En réponse à cet appel, des dizaines de petits et moyens blocages de ports, de routes et d’aéroports ont été organisés dans le monde entier. Le Deltaport de Vancouver a été bloqué pendant des heures par une centaine de personnes. À Halifax, des manifestants ont bloqué la circulation, avant que la police ne disperse la manifestation et n’arrête 19 personnes. Au sud de la frontière, à Chicago, les routes menant à l’aéroport ont été bloquées par des manifestants le matin du 15, ce qui a entraîné des dizaines d’arrestations et retardé le trafic de l’aéroport jusqu’à 9 heures du matin.

Les militants de l’A15 ont raison de penser qu’il faut perturber l’activité économique. La première tâche serait de mettre fin à l’envoi d’armes à Israël dans les ports nord-américains. Mais ce n’est pas en bloquant une route ou un port avec quelques centaines d’activistes sans la participation des travailleurs qu’on y parviendra. L’arrêt de l’activité économique ne peut se faire de l’extérieur. C’est aux travailleurs eux-mêmes qu’il incombe d’arrêter leur propre lieu de travail. Des militants venus de l’extérieur pour empêcher les travailleurs d’aller travailler risquent de susciter l’hostilité des travailleurs, alors que l’objectif devrait être de les rallier à la lutte pour la Palestine.

Ce sont les travailleurs qui font tourner « les rouages de la production ». Ce sont eux qui ont le pouvoir de les bloquer. Aucune roue ne tourne, aucune lumière ne brille sans l’aimable autorisation de la classe ouvrière. Ce qui a cruellement manqué au mouvement jusqu’à présent, c’est le poids de la classe ouvrière agissant collectivement en tant que classe.

Désarmer l’impérialisme

Une pression énorme s’est accumulée et des millions de personnes veulent se battre pour la Palestine. La récente explosion sur les campus américains en témoigne.

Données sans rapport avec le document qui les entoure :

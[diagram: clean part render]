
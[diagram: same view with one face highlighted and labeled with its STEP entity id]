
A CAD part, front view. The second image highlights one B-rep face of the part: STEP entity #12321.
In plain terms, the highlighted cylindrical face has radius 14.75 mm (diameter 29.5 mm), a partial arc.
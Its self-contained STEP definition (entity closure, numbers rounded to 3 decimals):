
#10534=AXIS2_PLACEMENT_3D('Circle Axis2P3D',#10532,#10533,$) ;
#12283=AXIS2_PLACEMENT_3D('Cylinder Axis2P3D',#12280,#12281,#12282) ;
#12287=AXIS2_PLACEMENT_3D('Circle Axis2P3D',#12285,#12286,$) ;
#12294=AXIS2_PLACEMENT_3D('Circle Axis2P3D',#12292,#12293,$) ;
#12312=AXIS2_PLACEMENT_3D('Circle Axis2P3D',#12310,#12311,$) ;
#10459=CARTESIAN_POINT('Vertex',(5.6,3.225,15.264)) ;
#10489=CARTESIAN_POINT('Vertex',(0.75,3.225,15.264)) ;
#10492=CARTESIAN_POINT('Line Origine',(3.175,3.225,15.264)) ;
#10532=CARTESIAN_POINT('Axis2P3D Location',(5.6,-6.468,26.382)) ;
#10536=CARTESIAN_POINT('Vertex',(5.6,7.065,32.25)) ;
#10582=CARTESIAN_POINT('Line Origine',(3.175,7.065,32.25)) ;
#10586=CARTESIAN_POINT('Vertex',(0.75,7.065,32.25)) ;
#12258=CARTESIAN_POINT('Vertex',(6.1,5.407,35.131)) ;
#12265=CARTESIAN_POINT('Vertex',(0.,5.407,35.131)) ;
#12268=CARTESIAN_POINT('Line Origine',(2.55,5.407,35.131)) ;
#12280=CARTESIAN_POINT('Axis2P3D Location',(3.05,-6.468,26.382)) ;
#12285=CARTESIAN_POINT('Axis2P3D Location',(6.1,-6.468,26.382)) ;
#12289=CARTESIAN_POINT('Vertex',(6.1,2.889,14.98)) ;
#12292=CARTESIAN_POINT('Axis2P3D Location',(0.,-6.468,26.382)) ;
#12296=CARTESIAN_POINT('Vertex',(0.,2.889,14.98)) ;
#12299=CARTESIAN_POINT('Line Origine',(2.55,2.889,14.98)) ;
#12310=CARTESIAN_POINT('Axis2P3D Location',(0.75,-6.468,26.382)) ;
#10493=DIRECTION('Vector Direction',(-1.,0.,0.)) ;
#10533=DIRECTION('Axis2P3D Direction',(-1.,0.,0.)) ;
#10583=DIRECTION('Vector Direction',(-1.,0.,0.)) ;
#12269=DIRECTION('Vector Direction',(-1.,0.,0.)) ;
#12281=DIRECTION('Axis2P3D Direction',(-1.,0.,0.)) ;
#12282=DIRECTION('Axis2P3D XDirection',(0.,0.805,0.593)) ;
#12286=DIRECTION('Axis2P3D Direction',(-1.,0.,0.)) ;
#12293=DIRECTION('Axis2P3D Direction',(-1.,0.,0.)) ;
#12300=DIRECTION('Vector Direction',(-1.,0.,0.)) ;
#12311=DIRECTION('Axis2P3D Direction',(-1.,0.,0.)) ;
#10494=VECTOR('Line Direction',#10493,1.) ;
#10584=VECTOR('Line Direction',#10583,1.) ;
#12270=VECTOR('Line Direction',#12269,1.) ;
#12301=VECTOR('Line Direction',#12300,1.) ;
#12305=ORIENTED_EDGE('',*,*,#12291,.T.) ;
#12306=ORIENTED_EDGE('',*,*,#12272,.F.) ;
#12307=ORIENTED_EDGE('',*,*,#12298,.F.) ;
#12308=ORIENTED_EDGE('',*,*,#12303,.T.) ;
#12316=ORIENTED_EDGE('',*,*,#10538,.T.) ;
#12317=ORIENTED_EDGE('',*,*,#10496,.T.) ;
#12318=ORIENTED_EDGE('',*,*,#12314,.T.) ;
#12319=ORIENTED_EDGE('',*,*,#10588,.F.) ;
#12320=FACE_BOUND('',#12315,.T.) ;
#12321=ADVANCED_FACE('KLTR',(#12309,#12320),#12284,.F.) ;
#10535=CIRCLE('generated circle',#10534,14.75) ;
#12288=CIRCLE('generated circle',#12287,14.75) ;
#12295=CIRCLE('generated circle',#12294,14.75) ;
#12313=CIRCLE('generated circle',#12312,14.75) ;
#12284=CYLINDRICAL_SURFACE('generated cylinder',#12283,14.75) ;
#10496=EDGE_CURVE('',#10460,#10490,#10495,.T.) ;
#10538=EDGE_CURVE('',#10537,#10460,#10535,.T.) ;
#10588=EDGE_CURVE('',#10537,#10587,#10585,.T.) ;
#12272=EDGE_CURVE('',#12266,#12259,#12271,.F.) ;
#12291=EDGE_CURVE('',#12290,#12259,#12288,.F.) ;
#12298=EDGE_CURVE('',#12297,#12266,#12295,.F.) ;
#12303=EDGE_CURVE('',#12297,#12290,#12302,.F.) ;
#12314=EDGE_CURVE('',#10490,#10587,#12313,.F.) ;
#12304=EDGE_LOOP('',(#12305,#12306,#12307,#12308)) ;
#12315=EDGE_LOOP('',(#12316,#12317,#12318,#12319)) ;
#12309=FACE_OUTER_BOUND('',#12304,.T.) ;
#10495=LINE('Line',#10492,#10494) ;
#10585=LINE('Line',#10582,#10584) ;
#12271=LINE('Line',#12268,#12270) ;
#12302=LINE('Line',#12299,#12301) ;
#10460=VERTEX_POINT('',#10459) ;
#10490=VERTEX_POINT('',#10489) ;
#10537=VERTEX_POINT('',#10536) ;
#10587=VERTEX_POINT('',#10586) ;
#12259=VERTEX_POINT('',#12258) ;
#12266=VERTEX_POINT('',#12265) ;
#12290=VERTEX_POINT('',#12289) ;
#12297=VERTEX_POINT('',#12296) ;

Aujourd’hui, la classe ouvrière doit être intégrée au mouvement, et le mouvement de solidarité avec la Palestine doit se donner pour mission de faire en sorte que cela se produise. Les appels aux blocages et à l’action économique doivent être suivis de tentatives pour atteindre les travailleurs et les persuader d’entamer une grève politique contre le génocide, de refuser de laisser passer entre leurs mains les armes qui alimentent la machine de guerre israélienne.

Nous avons déjà eu un exemple de ce qui serait possible avec le mouvement autochtone en 2020. À Vancouver, les débardeurs syndiqués avec l’ILWU ont respecté un blocus initié par les militants Wet’suwet’en. Après un bref échange, un travailleur de l’ILWU a dit à un militant : « Nous voulons que les gens respectent nos piquets de grève, alors nous devrions respecter les vôtres. »

Dans le cas de la Palestine, les travailleurs portuaires d’Espagne, d’Italie et d’Inde, entre autres, ont pris des mesures pour empêcher l’envoi d’armes à Israël. C’est ce dont nous avons besoin pour faire avancer le mouvement au Canada. Collectivement, ce sont les travailleurs du monde entier qui ont le pouvoir de mettre fin à ce génocide.

En fin de compte, la classe ouvrière doit déloger du pouvoir les semeurs de guerres et construire une nouvelle société libérée de l’impérialisme, de la guerre et de l’exploitation.